↓
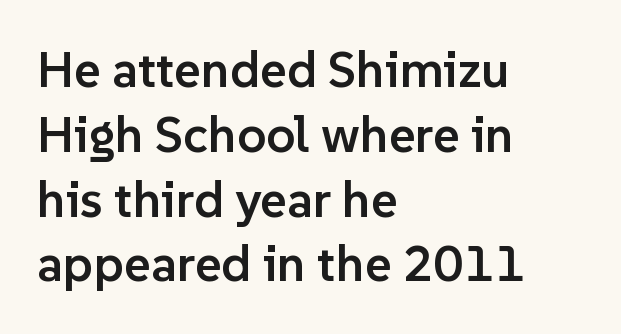
{"serif": "no", "italic": "no", "bold": "semi", "weight": "semibold", "width": "normal", "stroke_contrast": "low", "x_height": "medium", "monospaced": "no", "underline": "no", "align": "left", "line_spacing": "normal", "line_spacing_ratio": 1.27, "letter_spacing": "normal", "letter_spacing_em": 0.0, "glyph_px": 51}
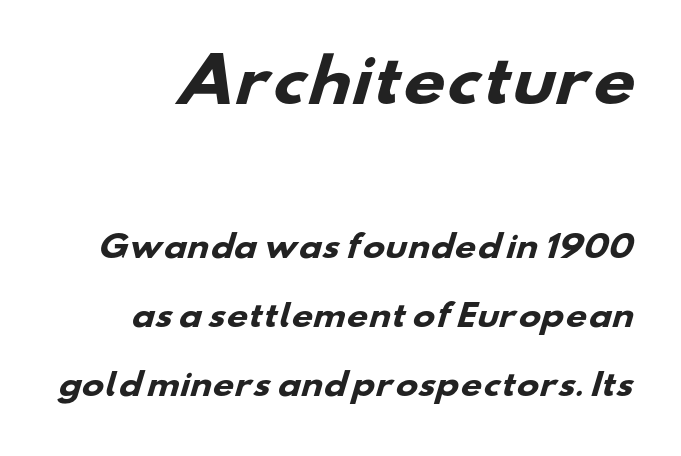
Compared with an ordinary text face, these strokes are far heavier — a full bold. Grotesque or geometric, the face here clearly has no serifs. Glance below the letters and you will spot only blank space. The composition opens big and finishes small. Horizontal bands of white between lines are thick stripes.
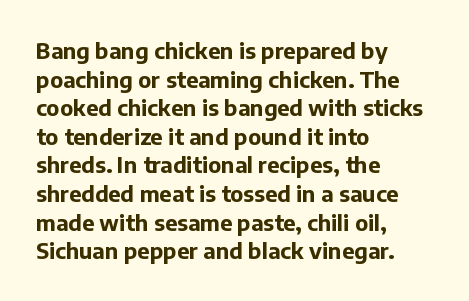
{"italic": "no", "bold": "yes", "underline": "no", "align": "left", "line_spacing": "normal", "line_spacing_ratio": 1.3, "letter_spacing": "normal", "letter_spacing_em": 0.0, "glyph_px": 22}
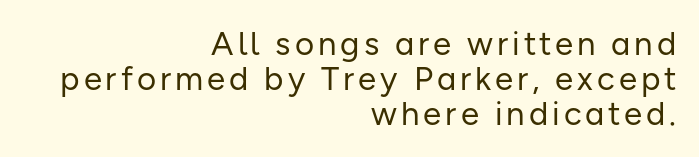
Q: Is the text bold? A: No.
Q: Is the text italic (slanted)? A: No, it is upright.
Q: Is the typeface a serif or a sans-serif typeface? A: Sans-serif.
Q: Is the text underlined? A: No.
Q: How is the paragraph aligned? A: Right-aligned.
Q: Is the spacing between lines tight, normal or loose? A: Tight.
Q: Width (condensed, normal, or wide)? A: Normal.
Q: Stroke contrast? A: Low.
Q: x-height? A: Medium.
Q: Monospaced? A: No.
↑
[EXERCISE AIM] Exactly the lines from the one containing "Q: Stroke contrast? A: Low." through the end of the listing above, inclusive, are to be written out, and no others.

[EXERCISE RESPONSE]
Q: Stroke contrast? A: Low.
Q: x-height? A: Medium.
Q: Monospaced? A: No.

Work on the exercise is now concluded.